A bonus to all of this is the improved photo mode. While the console version had one, it was limited to Arthur's in-game camera. Here, all you have to do is hit F6, and you'll be able to adjust filters, depth of field, angles, and anything else you want. With a click of the mouse, your photo will save, which is a great way to take advantage of how great everything looks.
Red Dead Redemption 2 on PC What I didn't like
Being on PC opens up a whole new world of controls to use and settings to play around with, but it comes at an overwhelming price. It sounds weird to emphasize, but there is just too much.
As evidenced by how much the game gives you to do, Rockstar almost put too much into how you can optimize the game. The settings are numerous and confusing for the less technically minded of us. Red Dead Redemption 2 will attempt to choose the optimal settings based on your PC specs, but it's not exact, so there's still a lot to play around with. For example, I found that dropping the recommended graphics API from Vulkan down to DirectX 12 did wonders for consistency. To ensure the game absolutely did not crash, I also lowered the aspect ratio and resolution. The game still looked great.

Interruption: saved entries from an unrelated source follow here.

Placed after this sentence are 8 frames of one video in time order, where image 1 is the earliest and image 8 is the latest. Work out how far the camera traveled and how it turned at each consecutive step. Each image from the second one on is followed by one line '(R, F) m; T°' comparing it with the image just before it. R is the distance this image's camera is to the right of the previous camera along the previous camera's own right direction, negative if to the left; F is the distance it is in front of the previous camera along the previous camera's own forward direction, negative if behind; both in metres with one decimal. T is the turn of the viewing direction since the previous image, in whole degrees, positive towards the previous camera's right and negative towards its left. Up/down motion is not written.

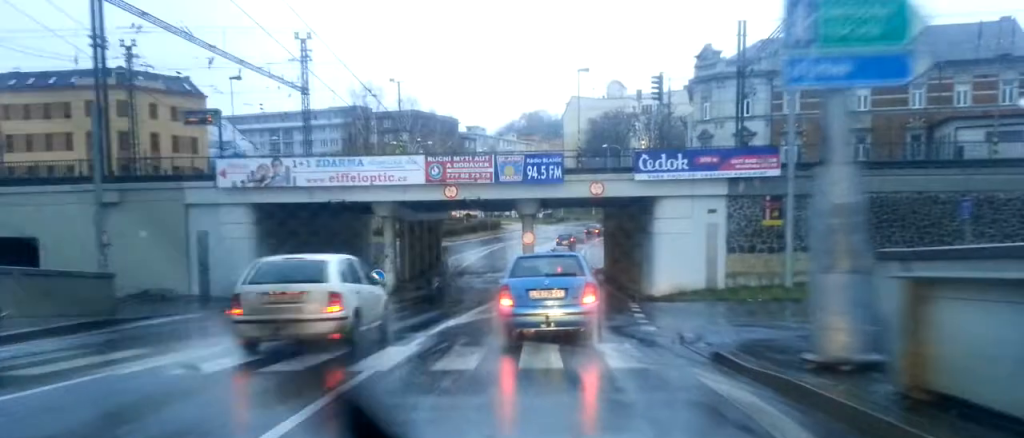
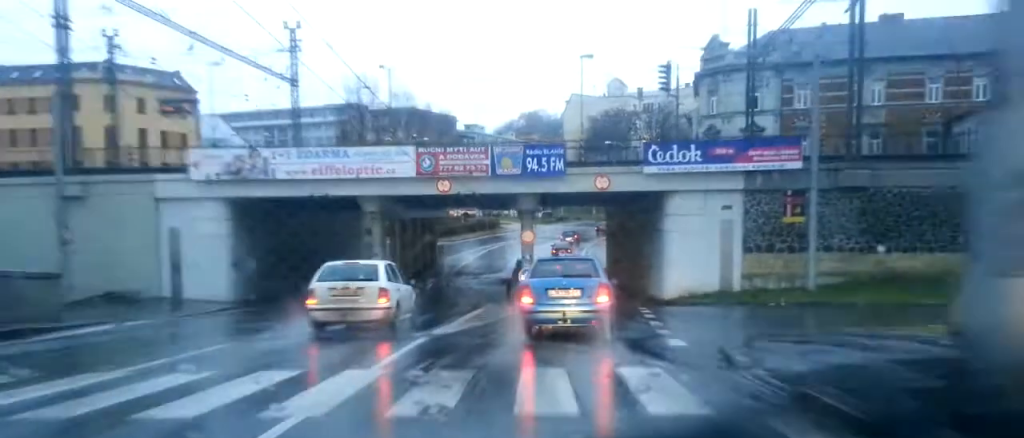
(0.0, +2.6) m; 0°
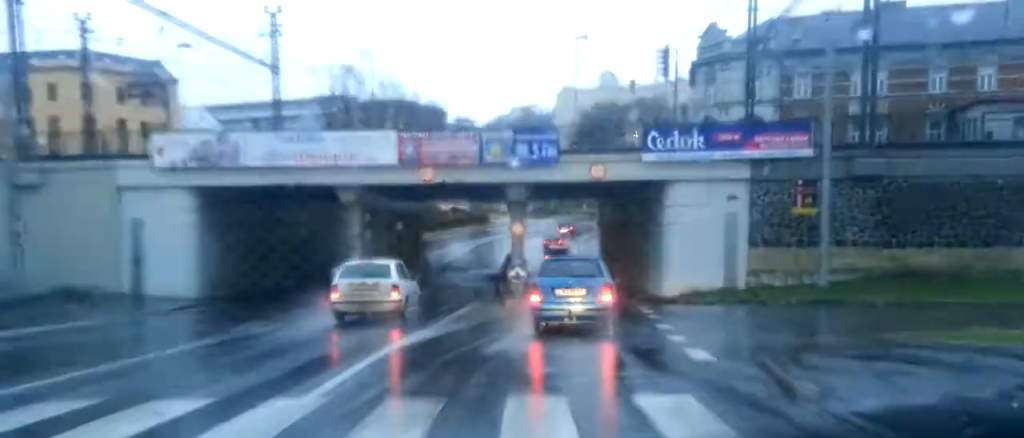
(0.0, +2.0) m; +1°
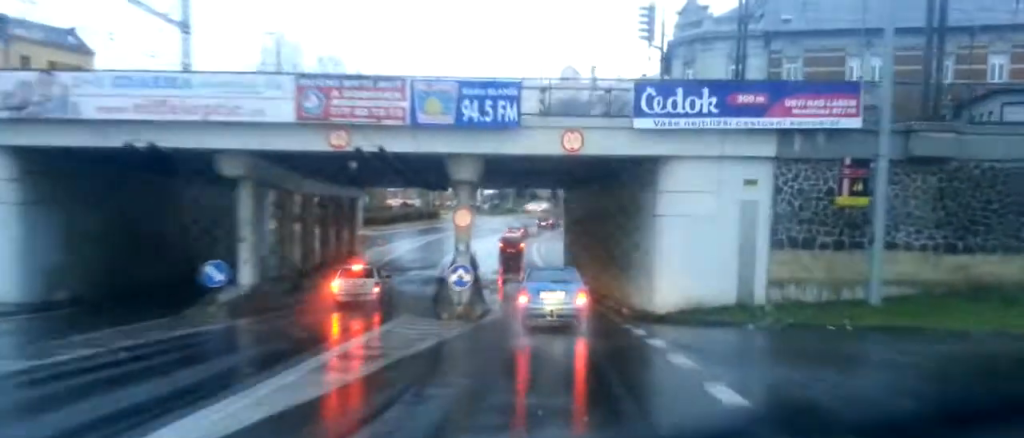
(+0.4, +7.6) m; +6°
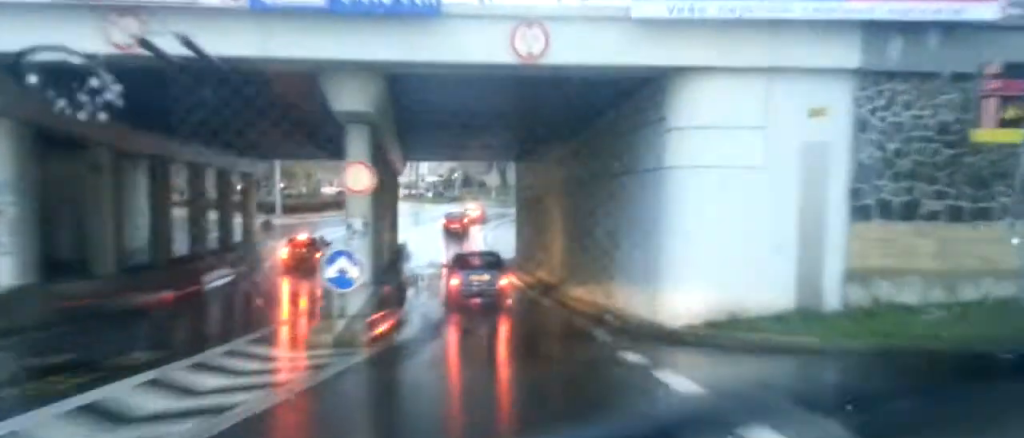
(+0.4, +8.9) m; +2°
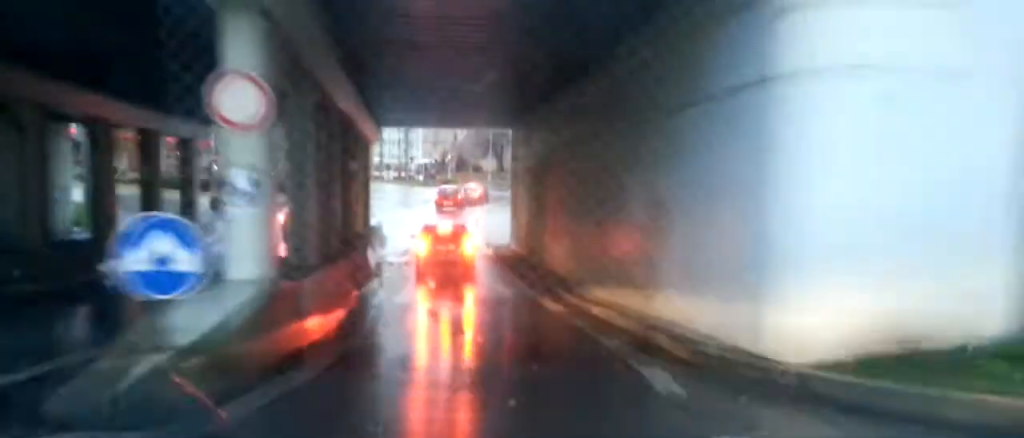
(0.0, +6.0) m; 0°
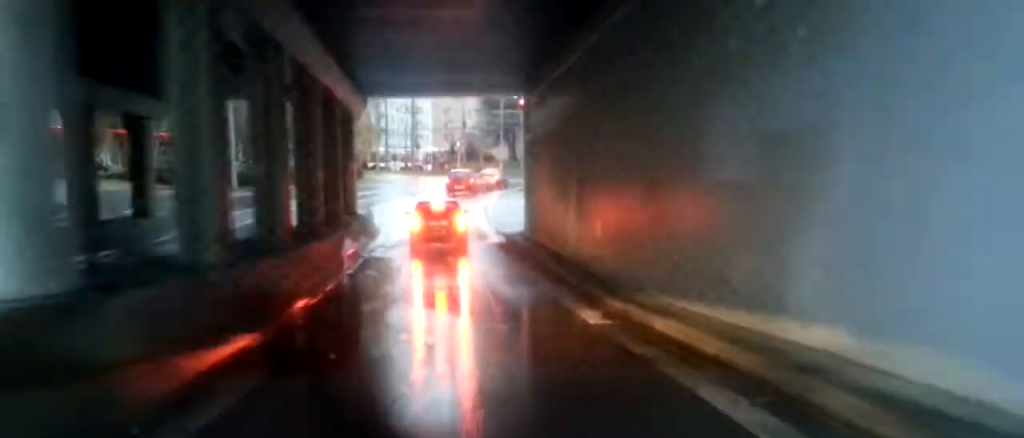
(0.0, +4.6) m; +2°
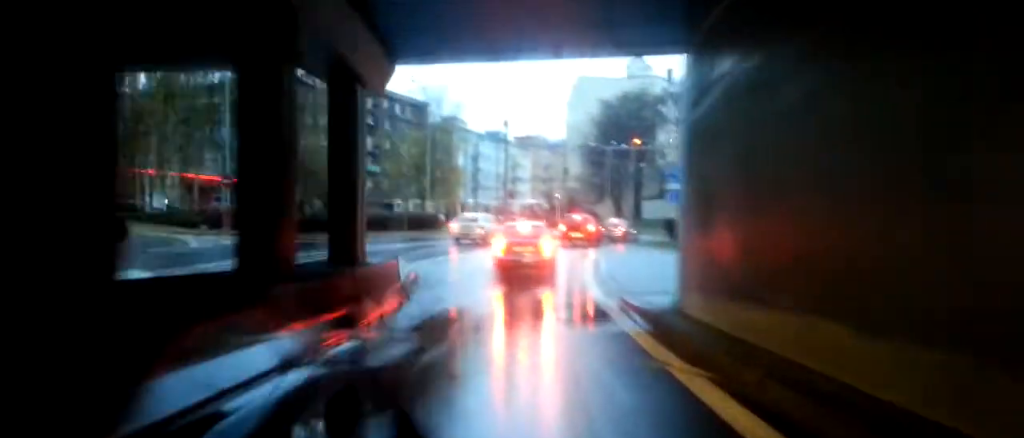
(+1.2, +11.9) m; +6°

Red Dead Redemption 2 was many players' Game of the Year in 2018 for a reason.
Along with all the graphics settings are ones for your controls, where you can redo the key bindings. This is standard in most games, but because there are, once again, so many controls, to fix it up becomes overwhelming, or a case of trial and error. Most of the default key bindings worked for me, or I got used to them, but some — like how Caps Lock is used to activate Dead Eye, aren't optimal.
You'll most likely want to go into these settings too because, unfortunately, the one area where the PC version of Red Dead Redemption 2 suffers a bit is in movement. It always felt heavy, which is in line with Rockstar's mission statement concerning realism, but it feels even heavier here.
I've been thinking a lot about why this is. It seems to come down to how movement works on a PC. Since it's more precise with WASD and a mouse, it means you're making overcorrections more often, which can cause either Arthur or his horse to, for instance, run into a rock and stop dead in their tracks. This isn't always a problem and can be rectified with practice, but it's still a bummer. Combined with the now excellent shooting, Arthur feels like both the greatest sharpshooter in the Old West and a clumsy buffoon who doesn't know how to ride a horse. That disparity can take you out of the experience Rockstar so desperately wants you to feel.
Red Dead Redemption 2 was many players' Game of the Year in 2018 for a reason. Minus issues surrounding how the studio crunched on seemingly unimportant features to get the game out, it's astounding. Its PC port only shows how real that all was. Not only does it look great on the PC, it somehow looks better.
The technological issues at launch put a damper on the whole release, but now that most of them have been fixed, it might be a game worth picking up. With new features and new missions, it might even be worth the purchase for fans who already owned it on a console. There are some weird issues with the controls and settings, but the whole thing adds up to what the game clearly wants to be: an immersive open-world campaign set in the Old West that attempts to recreate the highs and lows of the experience for modern audiences.
Arthur can barely ride his horse to pick up that bounty, but he's still killer with a rifle. And he can ride that clumsy horse that loves to poop into the beautifully rendered horizon. Isn't that what Red Dead Redemption 2 is all about?